Encountering the tranquility of the British Library’s piazza as you wander in from one of the many entrances used to be a retreat from the hustle and bustle of London traffic on Euston Road. One could admire the surprising Scandinavian-inspired architecture, with its use of natural materials, from the iconic handmade red bricks to the snail and oyster fossils embedded in the Travertine limestone floor.
For architect Colin St John Wilson, this encounter was all about touch – he noticed with pleasure how the visitor’s first instinct upon entry would be to ‘stroke the Travertine stone’. I do hope this tactile introduction has not been lost forever to a world of QR codes and hand sanitiser.
Institutions are not mere containers of the art which lies within, but embodiments of the wisdom and beauty they house. The British Library is Grade I listed – and yes, this includes the piazza, the boundary wall, and even the railings!
Of course, it is not just the British Library that has fallen prey to this approach. My re-introduction to the Barbican Arts Centre, an icon of Brutalist architecture, was also robbed of its normal charm. On previous visits I have had time to admire architects Powell & Bonn’s fabulous Silk Street entrance, the gateway to the Barbican’s concert halls, theatre, cinemas, restaurants, the Curve, the Barbican Art Gallery, the Barbican Library, and the lakeside.
On a recent visit, though, I was rushed inside, navigating my way to the stairs that provide a welcome oasis of calm and a glorious view of the pick-hammered concrete, all completed by hand. I’ve always loved to wander up these otherworldly winding concrete stairs, looking out onto the lake and the glorious mishmash of architectural styles across the famous archetypally Brutalist Gilbert Bridge.
Once inside, for a while I feel I have been given permission to roam, to ponder, and just be. Pushing open the heavy glass doors onto the third floor, though, this spell is quickly shattered.

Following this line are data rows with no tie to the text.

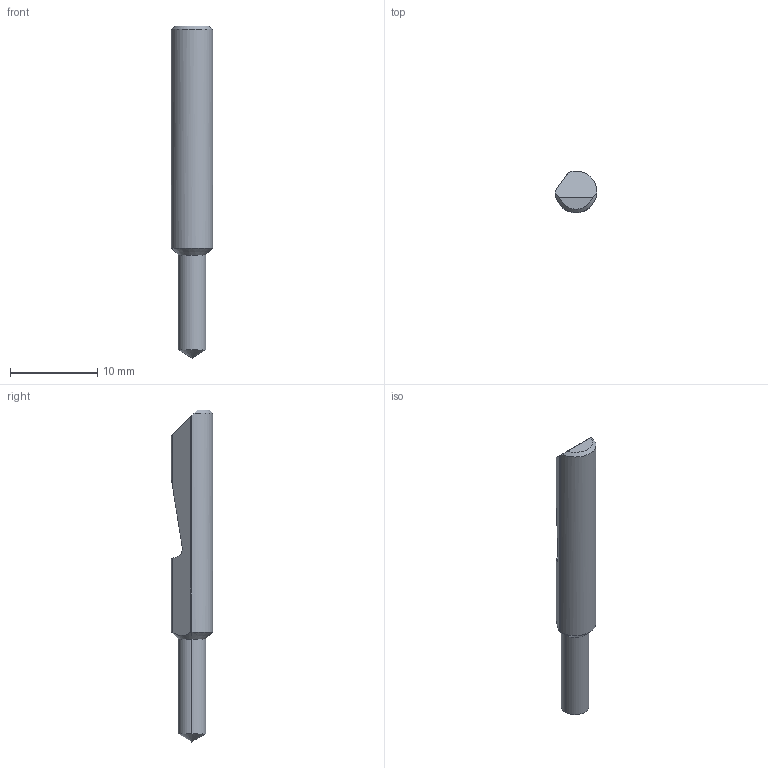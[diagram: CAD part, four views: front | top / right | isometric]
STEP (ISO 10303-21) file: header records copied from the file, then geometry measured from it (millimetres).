
FILE_DESCRIPTION (( 'STEP AP214' ), '1' );
FILE_NAME ('Micro_QSD-125X.STEP', '2021-08-31T17:38:31', ( '' ), ( '' ), 'SwSTEP 2.0', 'SolidWorks 2020', '' );
FILE_SCHEMA (( 'AUTOMOTIVE_DESIGN' ));
Length unit declared in the file: inch
Products named in the file (1): Micro_QSD-125X
Bounding box: 4.76 x 4.76 x 38.1 mm (x, y, z)
Volume: 506.5 mm3; surface area: 511.1 mm2
Topology: 1 solids, 1 shells, 16 faces, 39 edges, 23 vertices
Faces by surface type: cylinder 6, cone 5, plane 5
Entity records: 506 total; most frequent: CARTESIAN_POINT 122, ORIENTED_EDGE 74, DIRECTION 69, EDGE_CURVE 37, AXIS2_PLACEMENT_3D 26, VERTEX_POINT 23, VECTOR 17, LINE 17

Once again, comfort – and presumably also the security of the artworks – is secondary, with the cloakrooms barred off to the public…
I’m told off for entering the gallery too quickly (!) and made to step outside again. I hold up the line because the QR code doesn’t work again.
By this point, the excitement with which I’d booked the exhibition is wearing off and more than anything I’d just like to wander autonomously without the constant sense of being watched, reprimands at the tip of every gallery invigilator’s tongue. Autonomy is one of the joys of encountering art; the ability to select one’s own path, hone in on particular works, and bypass others.
And yet the one-way system reduces visitors to cattle, forming an orderly queue to view the art on show. Spontaneity, it seems, has been eclipsed from both the booking and the viewing experience.
In museums, I used to feel I belonged, even when I couldn’t anywhere else. Covid-19 has done all kinds of harm to humanity, now it’s shaping us into reluctant conformists in uncomfortable realms which used to be the most comforting of spaces.